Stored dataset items
- Opening Delimiter -
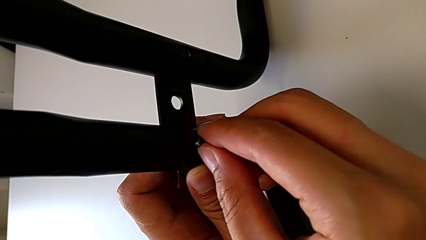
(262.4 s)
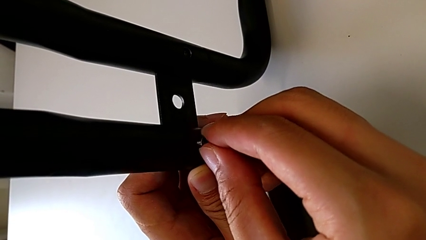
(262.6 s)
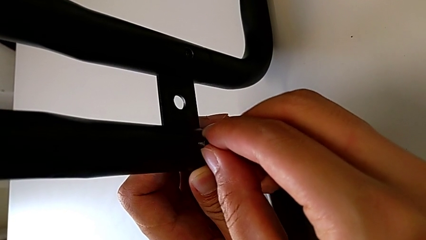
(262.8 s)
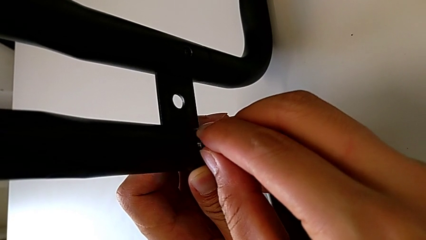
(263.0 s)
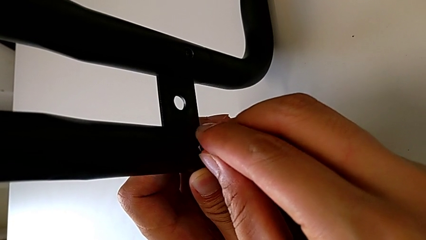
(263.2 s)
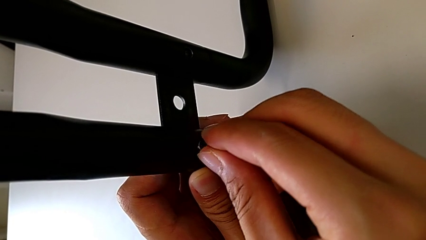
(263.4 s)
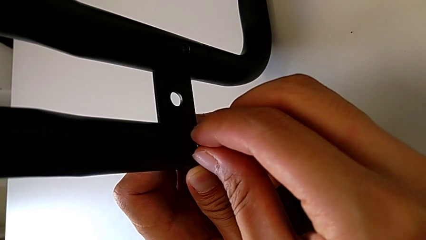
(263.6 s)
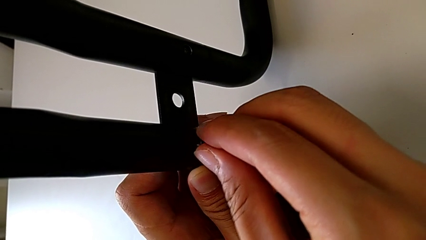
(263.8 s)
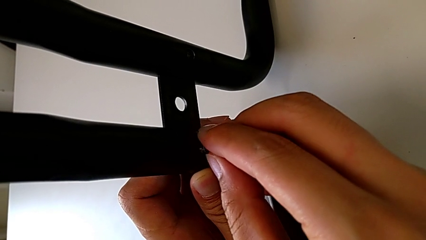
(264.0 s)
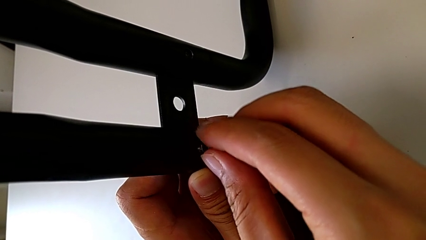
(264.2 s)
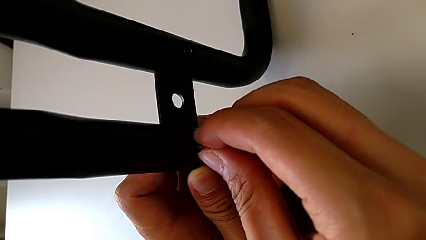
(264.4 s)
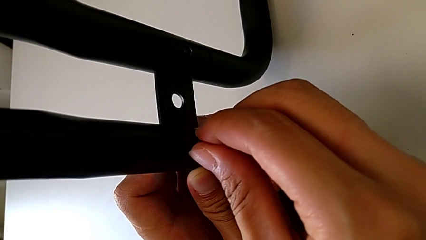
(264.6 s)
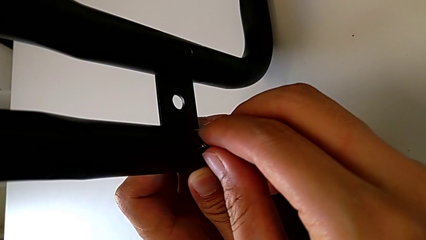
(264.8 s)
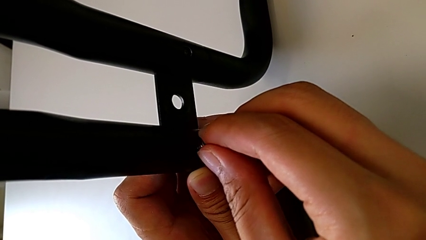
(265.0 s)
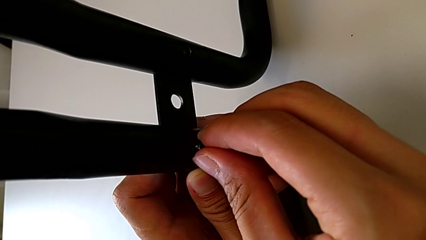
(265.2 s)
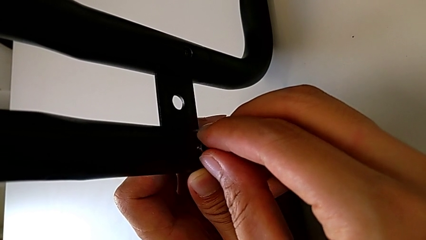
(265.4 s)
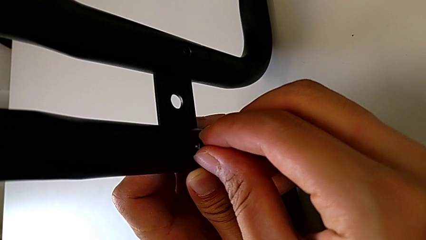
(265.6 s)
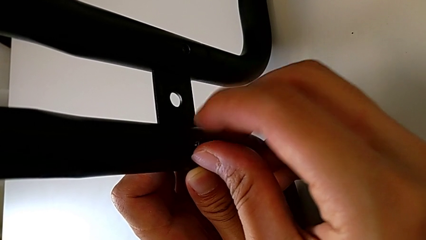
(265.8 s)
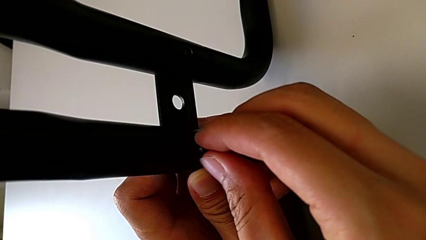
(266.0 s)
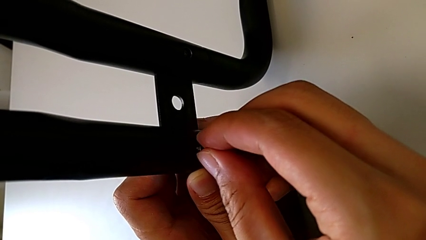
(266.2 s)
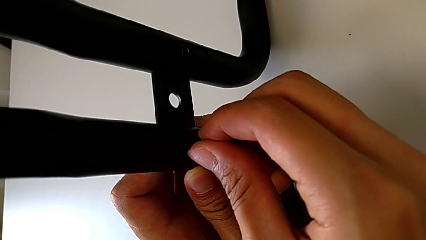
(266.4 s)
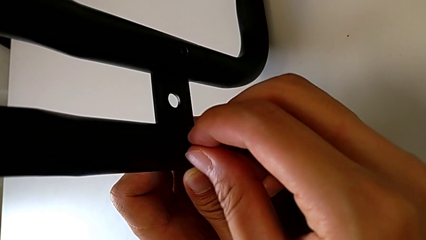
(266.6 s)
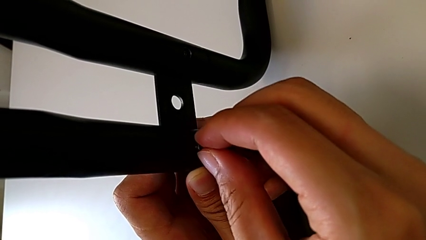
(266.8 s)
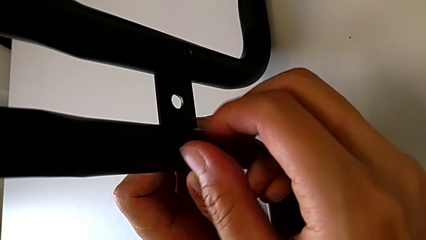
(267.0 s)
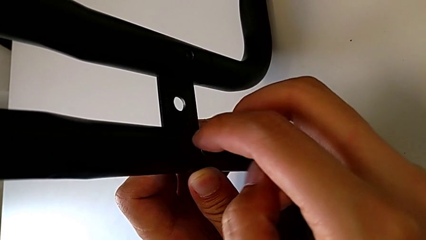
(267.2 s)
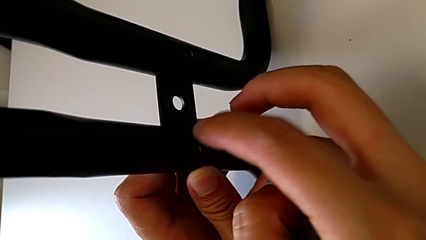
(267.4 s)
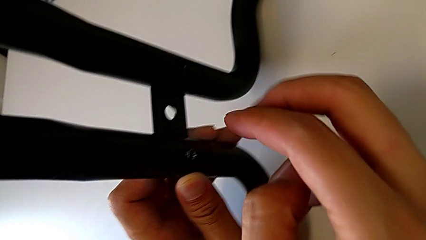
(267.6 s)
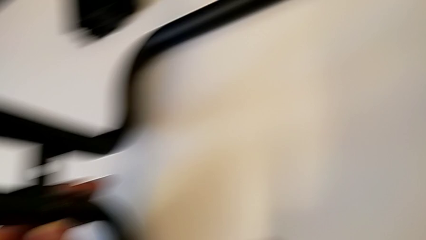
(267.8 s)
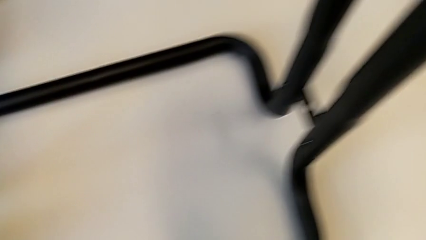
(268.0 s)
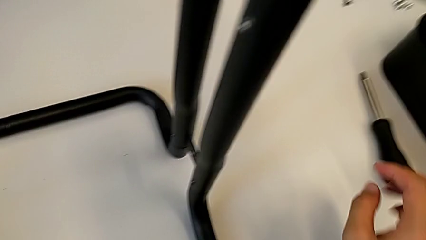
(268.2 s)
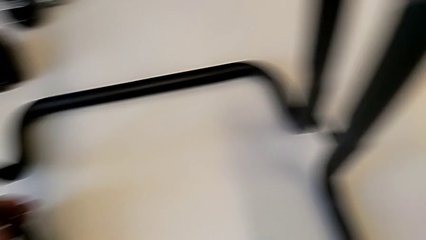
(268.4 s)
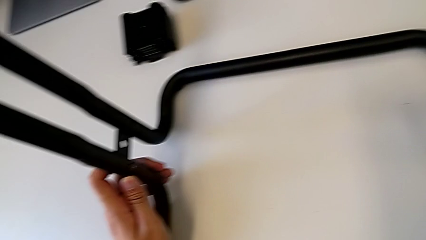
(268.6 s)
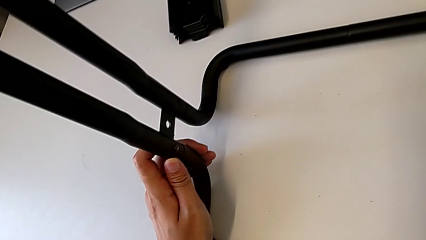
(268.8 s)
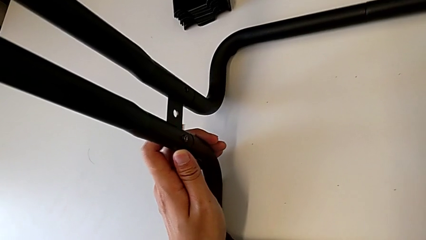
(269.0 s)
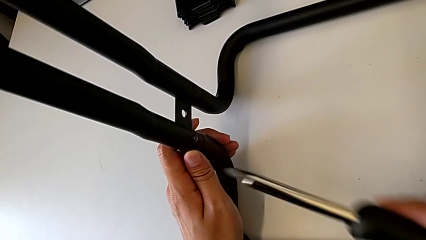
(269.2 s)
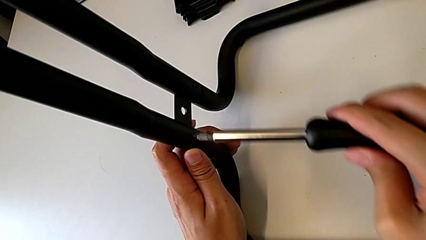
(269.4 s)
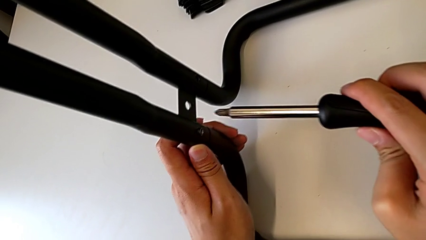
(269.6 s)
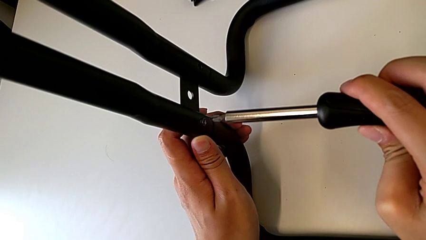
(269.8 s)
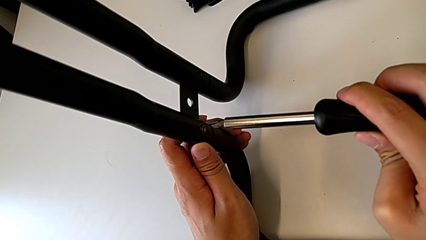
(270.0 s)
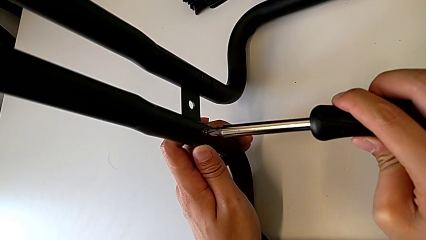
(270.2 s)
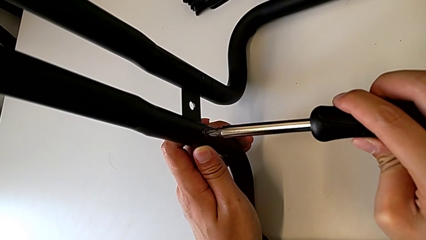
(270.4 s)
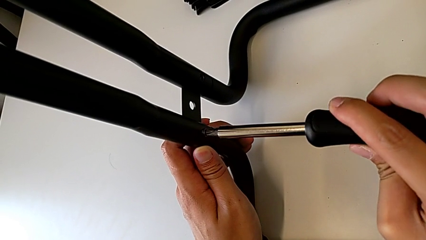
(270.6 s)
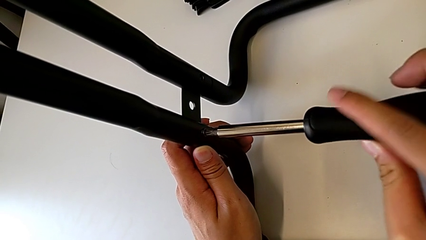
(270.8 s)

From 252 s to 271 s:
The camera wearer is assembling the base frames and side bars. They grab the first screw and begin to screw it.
- Closing Delimiter -
■ **TASK INSTRUCTIONS**
Your task is to copy the entries in full and exactly, without any images.

■ **RESPONSE TO THIS EXERCISE**
(262.4 s)
(262.6 s)
(262.8 s)
(263.0 s)
(263.2 s)
(263.4 s)
(263.6 s)
(263.8 s)
(264.0 s)
(264.2 s)
(264.4 s)
(264.6 s)
(264.8 s)
(265.0 s)
(265.2 s)
(265.4 s)
(265.6 s)
(265.8 s)
(266.0 s)
(266.2 s)
(266.4 s)
(266.6 s)
(266.8 s)
(267.0 s)
(267.2 s)
(267.4 s)
(267.6 s)
(267.8 s)
(268.0 s)
(268.2 s)
(268.4 s)
(268.6 s)
(268.8 s)
(269.0 s)
(269.2 s)
(269.4 s)
(269.6 s)
(269.8 s)
(270.0 s)
(270.2 s)
(270.4 s)
(270.6 s)
(270.8 s)

From 252 s to 271 s:
The camera wearer is assembling the base frames and side bars. They grab the first screw and begin to screw it.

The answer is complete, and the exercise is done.